Watching this just makes me angry all over again that as per typical the UK government made what I regard as a ridiculously short sighted decision. We in Britain could have been ahead of the curve in small sat launches if we had persisted with this, we might even have actually created a small sat market earlier than it has been if we had maintained this capability.
 
Watching this just makes me angry all over again that as per typical the UK government made what I regard as a ridiculously short sighted decision. We in Britain could have been ahead of the curve in small sat launches if we had persisted with this, we might even have actually created a small sat market earlier than it has been if we had maintained this capability.
Given the electronics of 1970, what type of 'small satellites' would we be launching?
And small really means small. Not 660 kg, but 66 kg.
 
Black Arrow is perfect example of stupidity ignorance of British politician
on first sign of trouble they cancel the program

but the program had issues:
the logistic to build the Rocket in britain and transport to Australia to launch it
had used island of St-Kilda as launch site it would have reduce allot transport cost (the area has tracking station of missile testing)

the low payload
The Prospero satellite has only 66kg mass, but in a 534x1314 km orbit with inclination of 82.04 degrees
Original payload in 220 km orbit would be 135 kilograms
The french send allot low mass satellite with there Diamant into orbit,

next to that was Black Diamant a crossover of the Cora stage with second stage of Black Arrow, to be launch from french space port Kourou
but again stupidity strike again

Irony the Diamant BP4 used faring of Black Arrow build extra by RAE for CNES
 
"on first sign of trouble they cancel the program "

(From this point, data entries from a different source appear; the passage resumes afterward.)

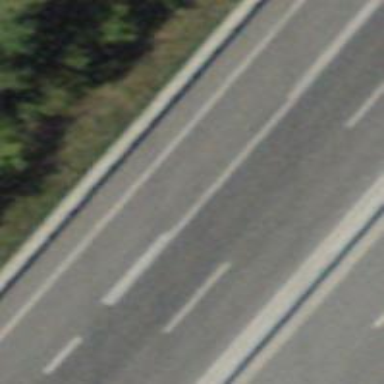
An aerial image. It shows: View of motorway.
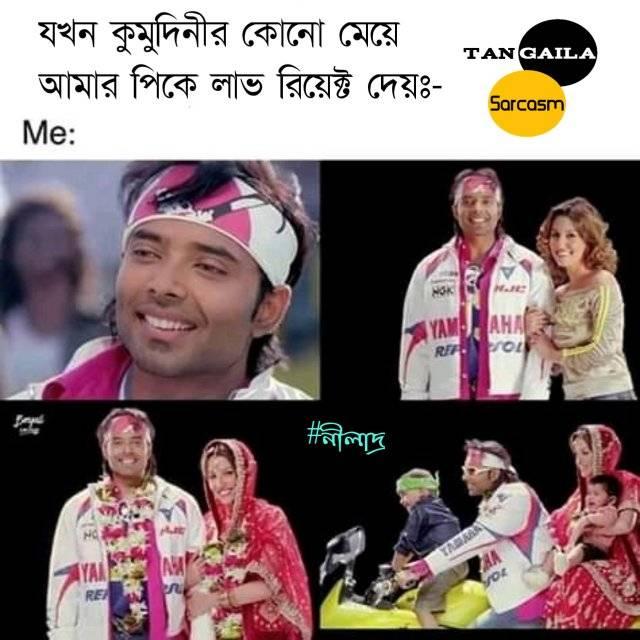
Caption: যখন  কুমুদিনীর কোনো মেয়ে আমার পিকে লাভ রিয়েক্ট দেয়ঃ-      Me:
Label: non-hate
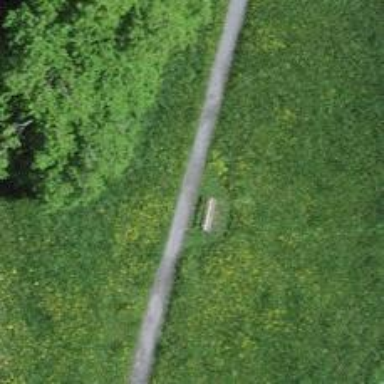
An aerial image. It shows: Nordic ski path with fine gravel surface. The path is groomed for classic and skating.
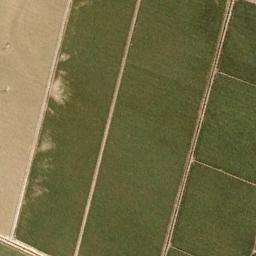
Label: rectangular_farmland
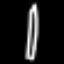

That wasn't why it was cancelled. What's the point of a satellite launcher if you don't have any satellites to launch?
 
As I said at NASAspaceflight forums, same topic - just look at Gunter's space web SCOUT webpage. https://space.skyrocket.de/doc_lau_fam/scout.htm

Scout had 125 flights in 35 years, and that's merely 3.7 flight annually, let's round that to 4 flights. That was the reality of smallsats "market" in the 60's, 70's, 80's, and part of the 90's.
Vought never felt complied to churn more boosters, and SCOUT remained untouched by the Shuttle craze, being too small and too cheap.
And a big chunk of these launches were US military, so captive market hard to crack by any foreigner.
France Diamant flew 12 times in ten years.
 
That wasn't why it was cancelled. What's the point of a satellite launcher if you don't have any satellites to launch?

It's always possible to launch simple satellite, to prove the concept and whole system capabilities.
At least, the building of rocket and whole launching infrastructure could be justified, IMHO.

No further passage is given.